As this requires the statistics toolbox, the function RANKSUM and SIGNRANK are available to the users. What does this function adds to those two?

ERRATA CORRIGE: the TIEADJ value computed by TIEDRANK is quite different from correction reported in several books. The same for z-value because W is approximated with a normal distribution with mean=0 and std.dev=1. In this algorithm the tie correction is computed as reported in Stanton A. Glantz book and the normal distribution has mean=0 and a calculated std.dev (depending on tie correction).

You have right. I fixed the bug and uploaded the new file.

The Wilcoxon's test is a paired test. Infact it test if the differences observed in a group after an event (in exemplum drug subministration) are caused by the event or by chance. If your vectors differ in length you must delete the uncoupled data. I think there isn't any other solutions.

Only to correct and clarify my previous comment, and to recall to all that, with respect to the non parametric tests between two samples, two classes exist: (1) Independent, that can be both of the same size or not, being been able to utilize the Mann-Whitney’s test or the Wilcoxon ranks test; and (2) Dependent, that necessarily them should be of the same size, since is the same sample observed in two different circumstances or times, where applies the Wilcoxon signs and ranks test.

Also, I should clarify that in the personal thing I do not use the term unpaired to assign independent samples, since unpaired is synonym of unbalanced; neither paired for assign dependent, since paired is synonym of balanced. This by the fundamental reason that the concepts of independent or dependent arise for the itself nature of the data, and not because they are unpaired or paired.

The m-file here developed by Giuseppe it is a Wilcoxon’s test for two dependent samples for it is correct his comment that the data vectors must have the same length, and, if it is not, delete those uncoupled data.
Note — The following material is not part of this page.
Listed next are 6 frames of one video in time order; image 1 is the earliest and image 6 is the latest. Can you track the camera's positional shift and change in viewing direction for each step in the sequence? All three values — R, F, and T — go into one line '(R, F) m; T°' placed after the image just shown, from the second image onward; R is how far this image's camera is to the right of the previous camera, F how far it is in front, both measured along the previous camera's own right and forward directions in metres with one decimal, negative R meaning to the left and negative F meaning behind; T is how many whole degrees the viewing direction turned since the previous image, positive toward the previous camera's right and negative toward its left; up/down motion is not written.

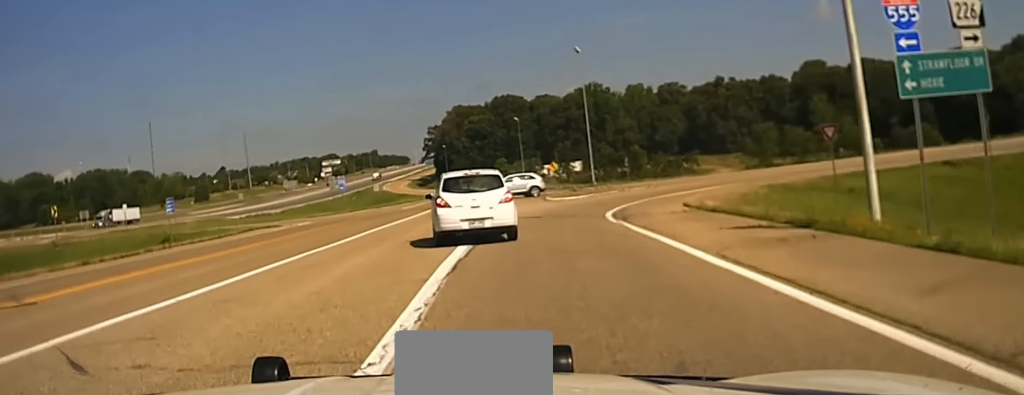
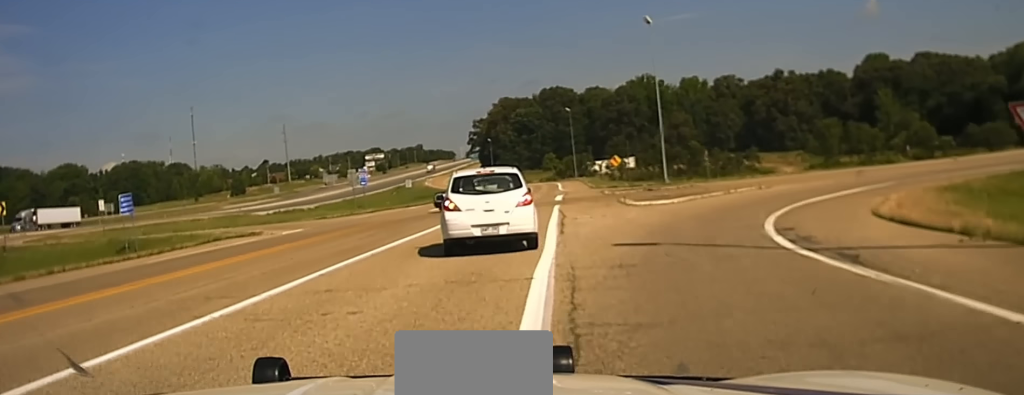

There isn't any other solutions.

So, my previous review comment is obsolete and should be ignored.

Thanks,

Prof. Antonio Trujillo-Ortiz

Yes for all questions

Dear Shabnam,
first of all you compute W from your data. If the null hypothesisi is true, the signed rank will distribute equally between groups and so W->0. To check if W is not different from 0 you can use the normal approximation. A normal distribution has two parameters: a mean, that in this case is set to 0, and a standard deviation that is computed. Another one point: normal istribution is a continue distribution, but W is discrete. To check W against this normal distribution, it must be normalized: you will compute z=|W|/std. To include the Yates'es correction for continuity: (|W|-0.5)/std.
As you can see zW is not 0.5
Regards

A. So, do you mean that "0.5" in Line 123 (zW=(abs(W)-0.5)/sW) is the correction for continuity; however the real mean of the distribution of W is 0?
R. Yes 0.5 is the Yates'es Correction for continuity. If you have a great number of subjects W distribution can be approximated with a normal distribution that has mean=0 and a computed standard deviation.

A. I read a little about the concept of "continuity correction"; however, it seems that those methods including Yates' Correction have not been designed for the normal distribution. I really appreciate if you send me your reference on this particular case (i.e. for the normal distribution)
R. Yates'es correction can be applied in every case in which a discrete distribution is approximated by a continue distribution. If you read well you can find this in Stanton Glantz book, chapter 10. Anyway another (and clear) reference is http://faculty.vassar.edu/lowry/ch12a.html

Regards